I have admired Albert Einstein since I was a young teen.  I believe my early attraction was to him was because he was “the genius” of that time and because of some quotations of his I saw that I loved – and the photos of his crazy hair, riding a bicycle and sticked out his tongue that made this genius seem human. I bought a poster of him that had the quote “Imagination is more important than knowledge,” which at the time probably made me feel better about my solid “B” average in school. It was years later that I saw that famous quote in context. That sentence is followed by “For knowledge is limited to all we now know and understand, while imagination embraces the entire world, and all there ever will be to know and understand.”

When I was a student at Rutgers College, I drove to nearby Princeton, New Jersey to find the little house he had lived in at 112 Mercer Street for the last part of his life.

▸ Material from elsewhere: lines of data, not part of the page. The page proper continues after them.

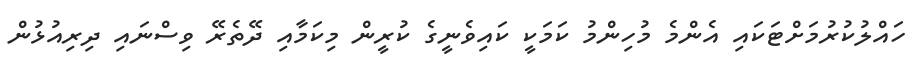
ހައްލުކުރުމަށްޓަކައި އެންމެ މުހިންމު ކަމަކީ ކައިވެނީގެ ކުރީން މިކަމާއި ދޭތެރޭ ވިސްނައި ދިރިއުޅުން
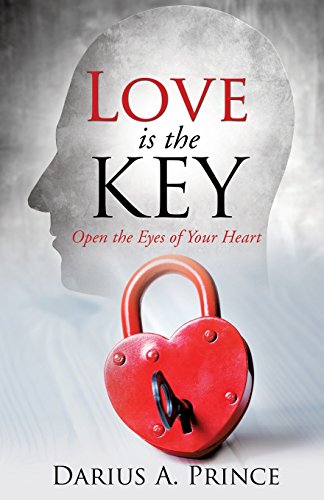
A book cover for Love Is The Key; Darius A. Prince; Parenting & Relationships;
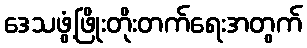
ဒေသဖွံ့ဖြိုးတိုးတက်ရေးအတွက်
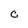
Character: C
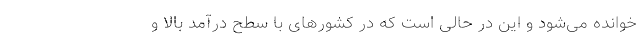
خوانده می‌شود و این در حالی است که در کشورهای با سطح درآمد بالا و
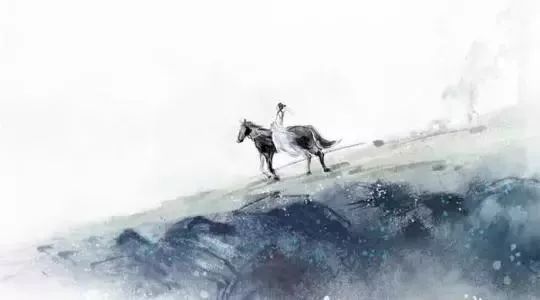
寒更承夜永，凉夕向秋澄。
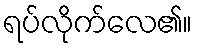
ရပ်လိုက်လေ၏။

It wasn’t a museum and there were no markers to say that he had lived there. I was once told on a walking tour of the town by the Historical Society of Princeton that Einstein and his family did not want it to become a museum. It was added to the National Register of Historic Places and designated a U.S. National Historic Landmark. I also learned that when I visited in 1971, the house was owned by his step-daughter Margot Einstein who lived there until her death in 1986.

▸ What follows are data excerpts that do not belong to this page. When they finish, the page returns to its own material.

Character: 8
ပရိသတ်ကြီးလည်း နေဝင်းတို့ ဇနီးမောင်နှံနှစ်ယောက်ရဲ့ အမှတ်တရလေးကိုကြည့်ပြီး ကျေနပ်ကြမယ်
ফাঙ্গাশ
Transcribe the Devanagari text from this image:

I have always liked the town of Princeton and the University campus looks the way I had imagined as a teenager that college campuses were supposed to look. It seemed like a good place for Albert Einstein to live after he escaped Nazi Germany.

Today I read that it was on this day in 1933 that Albert Einstein officially moved to the United States to teach at Princeton University, and I discovered something disturbing about that arrival.

Einstein was visiting the United States in February 1933 and he realized that he could not return to Germany with the rise to power of the Nazis under Germany’s new chancellor, Adolf Hitler. He was a visiting professor at the California Institute of Technology in Pasadena. He and his wife Elsa were returning to Europe in March and learned that the German Reichstag had passed the Enabling Act, which transformed the government into a de facto legal dictatorship with Hitler as Chancellor. They could not go on to his apartment in Berlin.

They later learned that the apartment and their summer cottage had been raided and all his papers confiscated. When they landed in Antwerp, Belgium, Albert went to the German consulate and surrendered his passport, formally renouncing his German citizenship. They found out years later that their cottage had become a Hitler Youth camp.

Einstein's Princeton home today

Einstein received offers from all over the world, including Paris, Turkey, and Oxford University, but he decided that Princeton’s offer of a teaching position at the Institute for Advanced Study, a home, and a good salary far away from Europe was best.

What I only learned today was why he hesitated about coming to Princeton University.

The University had a covert quota system that only allowed a small percentage of the incoming class to be Jewish. The Institute’s director, Abraham Flexner, was worried that Einstein would be too directly involved in Jewish refugee causes, so he carefully controlled public appearances, including declining an invitation to meet with President Roosevelt at the White House. Eventually, Einstein found out about the missed opportunity and called Eleanor Roosevelt and arranged for a visit. There is a letter he wrote to a rabbi friend of his about the incident. The return address on the letter is “Concentration Camp, Princeton.”

That was 1933. Did the campus become more welcoming to Jews as a possible war with Germany seemed more likely?  Five years after Einstein settled on campus, incoming freshmen at Princeton University ranked Albert Einstein as the second-greatest living person. They ranked as the greatest living person Adolf Hitler.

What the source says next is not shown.